A comprehensive course in various research methodologies used in the study of behavior. The course provides tools to analyze research data and draw appropriate conclusions. Both the theory of research and the practical process of performing research will be presented.
This course is a synthesis of the student’s clinical training. The student will learn to coordinate diagnostic interviewing, psychological assessment techniques and diagnosis to assist in developing appropriate treatment plans for clients. Students will demonstrate appropriate use of the DSM-IV diagnostic skills and illustrate an awareness of the growing body of literature on empirically based treatment planning. Multicultural research based information about various cultures and unique psychological and mental health issues will be investigated.
This course is a detailed study of legal and ethical codes for professional licensure. Surveying the ethical, legal, and professional issues counselors and other human service professional’s encounter in their practice by the study of case studies and the theoretical and philosophical issues behind the codes. Includes: Professional socialization, role of the professional organization, legal responsibilities and liabilities, independent practice and inter-professional cooperation, ethics and family law.
This is an in-depth acquisition of primary and advanced counseling and psychotherapy procedures along with detailed processes used in precise treatment planning for a range of topics including DSM-IV diagnoses and common client problem issues. Included will be brief psycho-therapy methods, evidence-based treatments, cognitive-behavioral treatment methods, schema therapy, and quality of life therapy. Prerequisite: COUN 5113, COUN 5213, and COUN 5313
Students explore the administration and interpretation of various assessment tools. The course includes diagnostic interviewing techniques, report writing, direct observation techniques, self report scaling along with learning testing theory and statistical considerations in the construction of psychological measurements.

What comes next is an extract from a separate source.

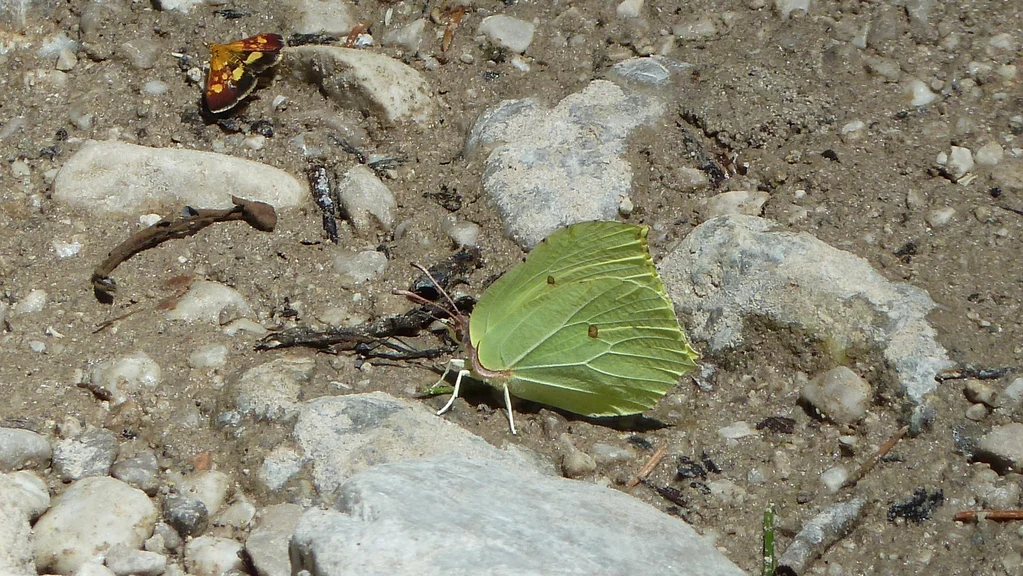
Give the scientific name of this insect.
Gonepteryx rhamni

Theoretical foundations for understanding theories and research of families in crisis and crisis intervention. Topics include the sociology of the family, families under stress, family in a social context, the cross-cultural family, youth/adult/aging and the family; Divorce; Child custody intervention; Child abuse and neglect; suicidality, homicidality, hospitalizations, and spousal abuse.
A study of the theoretical foundations for small-group dynamics and psychotherapeutic applications. Students will participate in an applied lab course in order to participate in group process to acquire skills in group psychotherapy methods and effective facilitation of a psychotherapy group. Included is a review of literature for appropriate referrals to this modality and learning techniques to enhance the efficacy of group therapies in various settings including the Christian community.
Supervised clinical experience and practice in counseling fieldwork in the Clinical Mental Health and Addictions Counseling degree program as approved by the School Chair or Program Director. The Practicum / Internship occurs concurrently with course work and follows guidelines set forth in licensure preparation and CACREP standards. The Practicum / Internship will total a minimum of 700 hours of service: 100 hour for Practicum over a minimum of a 10-week period and a minimum of 600 hours for Internship. Maximum totals can be increased to accommodate various state practicum requirements for online students.